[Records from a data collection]
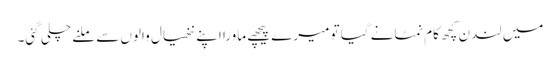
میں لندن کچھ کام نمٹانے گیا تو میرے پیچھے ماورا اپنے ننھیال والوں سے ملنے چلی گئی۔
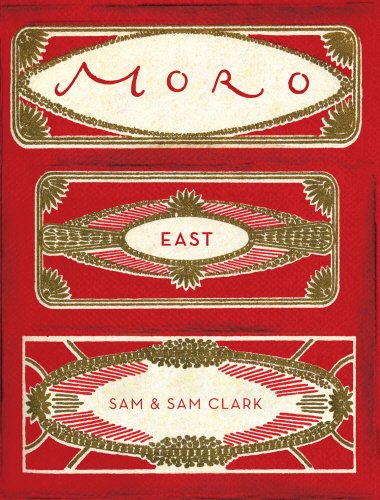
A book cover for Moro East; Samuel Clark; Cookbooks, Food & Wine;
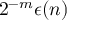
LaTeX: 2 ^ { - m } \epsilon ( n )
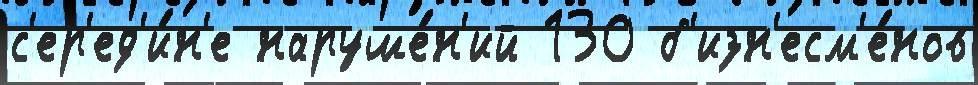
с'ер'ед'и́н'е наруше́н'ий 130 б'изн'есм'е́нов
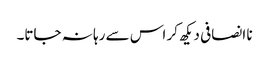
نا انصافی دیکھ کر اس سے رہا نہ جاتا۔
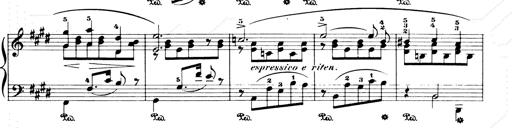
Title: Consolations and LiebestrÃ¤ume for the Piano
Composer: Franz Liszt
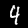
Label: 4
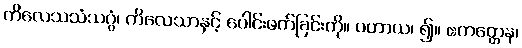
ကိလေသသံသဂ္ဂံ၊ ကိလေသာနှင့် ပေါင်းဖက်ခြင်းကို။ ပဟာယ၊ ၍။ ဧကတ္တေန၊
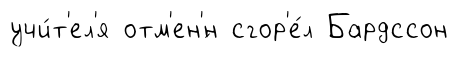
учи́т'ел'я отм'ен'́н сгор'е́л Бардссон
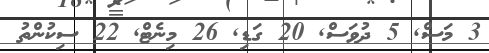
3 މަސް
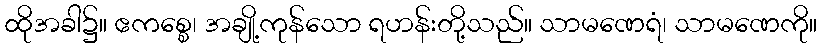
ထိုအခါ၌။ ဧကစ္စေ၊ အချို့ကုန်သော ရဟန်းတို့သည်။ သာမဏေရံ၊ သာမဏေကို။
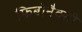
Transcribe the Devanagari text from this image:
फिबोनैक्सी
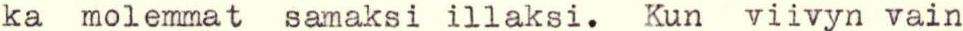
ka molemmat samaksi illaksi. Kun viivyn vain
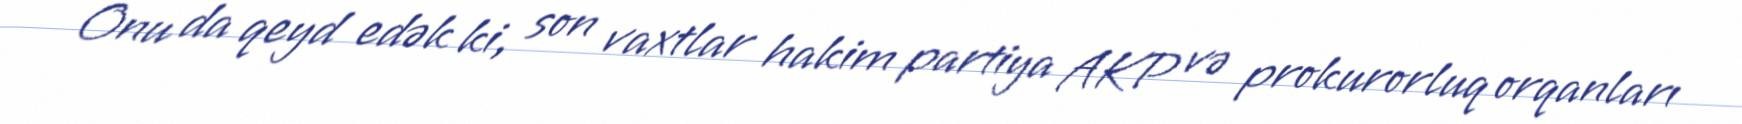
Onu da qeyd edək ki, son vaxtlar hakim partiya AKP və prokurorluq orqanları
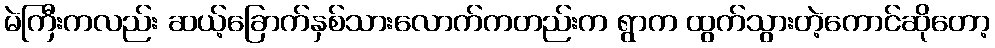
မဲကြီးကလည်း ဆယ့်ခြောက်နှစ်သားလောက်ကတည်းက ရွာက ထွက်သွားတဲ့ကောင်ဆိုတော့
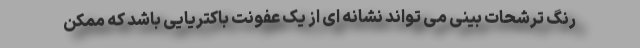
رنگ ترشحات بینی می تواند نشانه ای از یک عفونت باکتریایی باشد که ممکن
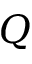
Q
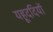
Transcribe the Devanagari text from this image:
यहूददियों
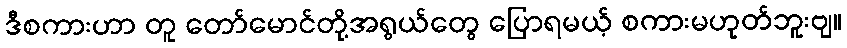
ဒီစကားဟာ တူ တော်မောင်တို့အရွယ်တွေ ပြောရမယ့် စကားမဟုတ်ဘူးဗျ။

* _WORK INSTRUCTION_: Print all data above verbatim, except pictures.

* _WORKED SOLUTION_:
میں لندن کچھ کام نمٹانے گیا تو میرے پیچھے ماورا اپنے ننھیال والوں سے ملنے چلی گئی۔
A book cover for Moro East; Samuel Clark; Cookbooks, Food & Wine;
LaTeX: 2 ^ { - m } \epsilon ( n )
с'ер'ед'и́н'е наруше́н'ий 130 б'изн'есм'е́нов
نا انصافی دیکھ کر اس سے رہا نہ جاتا۔
Title: Consolations and LiebestrÃ¤ume for the Piano
Composer: Franz Liszt
Label: 4
ကိလေသသံသဂ္ဂံ၊ ကိလေသာနှင့် ပေါင်းဖက်ခြင်းကို။ ပဟာယ၊ ၍။ ဧကတ္တေန၊
учи́т'ел'я отм'ен'́н сгор'е́л Бардссон
3 މަސް
ထိုအခါ၌။ ဧကစ္စေ၊ အချို့ကုန်သော ရဟန်းတို့သည်။ သာမဏေရံ၊ သာမဏေကို။
Transcribe the Devanagari text from this image:
फिबोनैक्सी
ka molemmat samaksi illaksi. Kun viivyn vain
Onu da qeyd edək ki, son vaxtlar hakim partiya AKP və prokurorluq orqanları
မဲကြီးကလည်း ဆယ့်ခြောက်နှစ်သားလောက်ကတည်းက ရွာက ထွက်သွားတဲ့ကောင်ဆိုတော့
رنگ ترشحات بینی می تواند نشانه ای از یک عفونت باکتریایی باشد که ممکن
Q
Transcribe the Devanagari text from this image:
यहूददियों
ဒီစကားဟာ တူ တော်မောင်တို့အရွယ်တွေ ပြောရမယ့် စကားမဟုတ်ဘူးဗျ။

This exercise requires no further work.